§ **Records for the exercise**
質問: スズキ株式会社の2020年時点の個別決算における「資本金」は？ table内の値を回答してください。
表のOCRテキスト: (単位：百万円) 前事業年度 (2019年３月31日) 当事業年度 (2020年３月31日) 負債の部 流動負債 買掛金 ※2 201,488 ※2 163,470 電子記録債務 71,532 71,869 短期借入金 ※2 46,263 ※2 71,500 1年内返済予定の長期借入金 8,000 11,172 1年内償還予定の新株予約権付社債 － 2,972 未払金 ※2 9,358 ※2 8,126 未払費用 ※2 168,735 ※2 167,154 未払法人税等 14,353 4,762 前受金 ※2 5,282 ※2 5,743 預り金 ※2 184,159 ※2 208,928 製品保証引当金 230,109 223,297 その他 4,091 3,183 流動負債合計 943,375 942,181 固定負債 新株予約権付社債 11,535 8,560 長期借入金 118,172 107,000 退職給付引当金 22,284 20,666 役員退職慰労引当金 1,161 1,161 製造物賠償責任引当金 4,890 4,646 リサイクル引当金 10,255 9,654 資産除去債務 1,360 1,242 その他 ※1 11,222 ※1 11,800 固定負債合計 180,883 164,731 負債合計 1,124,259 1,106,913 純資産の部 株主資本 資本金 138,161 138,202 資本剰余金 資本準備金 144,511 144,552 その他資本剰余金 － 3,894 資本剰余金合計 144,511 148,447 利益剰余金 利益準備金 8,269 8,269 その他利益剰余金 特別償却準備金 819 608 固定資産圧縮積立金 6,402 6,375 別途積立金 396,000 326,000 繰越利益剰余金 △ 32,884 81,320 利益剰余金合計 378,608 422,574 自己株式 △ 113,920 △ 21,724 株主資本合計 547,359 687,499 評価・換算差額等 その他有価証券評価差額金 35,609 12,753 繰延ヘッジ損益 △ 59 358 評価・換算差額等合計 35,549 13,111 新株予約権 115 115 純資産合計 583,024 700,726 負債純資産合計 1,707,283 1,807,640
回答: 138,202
--
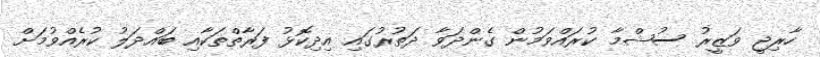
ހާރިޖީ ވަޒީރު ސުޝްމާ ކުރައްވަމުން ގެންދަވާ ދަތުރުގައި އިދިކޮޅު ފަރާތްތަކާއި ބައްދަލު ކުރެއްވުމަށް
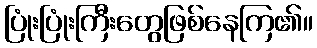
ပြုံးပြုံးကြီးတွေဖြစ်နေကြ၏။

§ **Task objective**
Would you print exactly, and only, the lines of the data above from the line with "表のOCRテキスト: (単位：百万円) 前事業年度" through the line with "回答: 138,202", inclusive?

§ **Answer box**
表のOCRテキスト: (単位：百万円) 前事業年度 (2019年３月31日) 当事業年度 (2020年３月31日) 負債の部 流動負債 買掛金 ※2 201,488 ※2 163,470 電子記録債務 71,532 71,869 短期借入金 ※2 46,263 ※2 71,500 1年内返済予定の長期借入金 8,000 11,172 1年内償還予定の新株予約権付社債 － 2,972 未払金 ※2 9,358 ※2 8,126 未払費用 ※2 168,735 ※2 167,154 未払法人税等 14,353 4,762 前受金 ※2 5,282 ※2 5,743 預り金 ※2 184,159 ※2 208,928 製品保証引当金 230,109 223,297 その他 4,091 3,183 流動負債合計 943,375 942,181 固定負債 新株予約権付社債 11,535 8,560 長期借入金 118,172 107,000 退職給付引当金 22,284 20,666 役員退職慰労引当金 1,161 1,161 製造物賠償責任引当金 4,890 4,646 リサイクル引当金 10,255 9,654 資産除去債務 1,360 1,242 その他 ※1 11,222 ※1 11,800 固定負債合計 180,883 164,731 負債合計 1,124,259 1,106,913 純資産の部 株主資本 資本金 138,161 138,202 資本剰余金 資本準備金 144,511 144,552 その他資本剰余金 － 3,894 資本剰余金合計 144,511 148,447 利益剰余金 利益準備金 8,269 8,269 その他利益剰余金 特別償却準備金 819 608 固定資産圧縮積立金 6,402 6,375 別途積立金 396,000 326,000 繰越利益剰余金 △ 32,884 81,320 利益剰余金合計 378,608 422,574 自己株式 △ 113,920 △ 21,724 株主資本合計 547,359 687,499 評価・換算差額等 その他有価証券評価差額金 35,609 12,753 繰延ヘッジ損益 △ 59 358 評価・換算差額等合計 35,549 13,111 新株予約権 115 115 純資産合計 583,024 700,726 負債純資産合計 1,707,283 1,807,640
回答: 138,202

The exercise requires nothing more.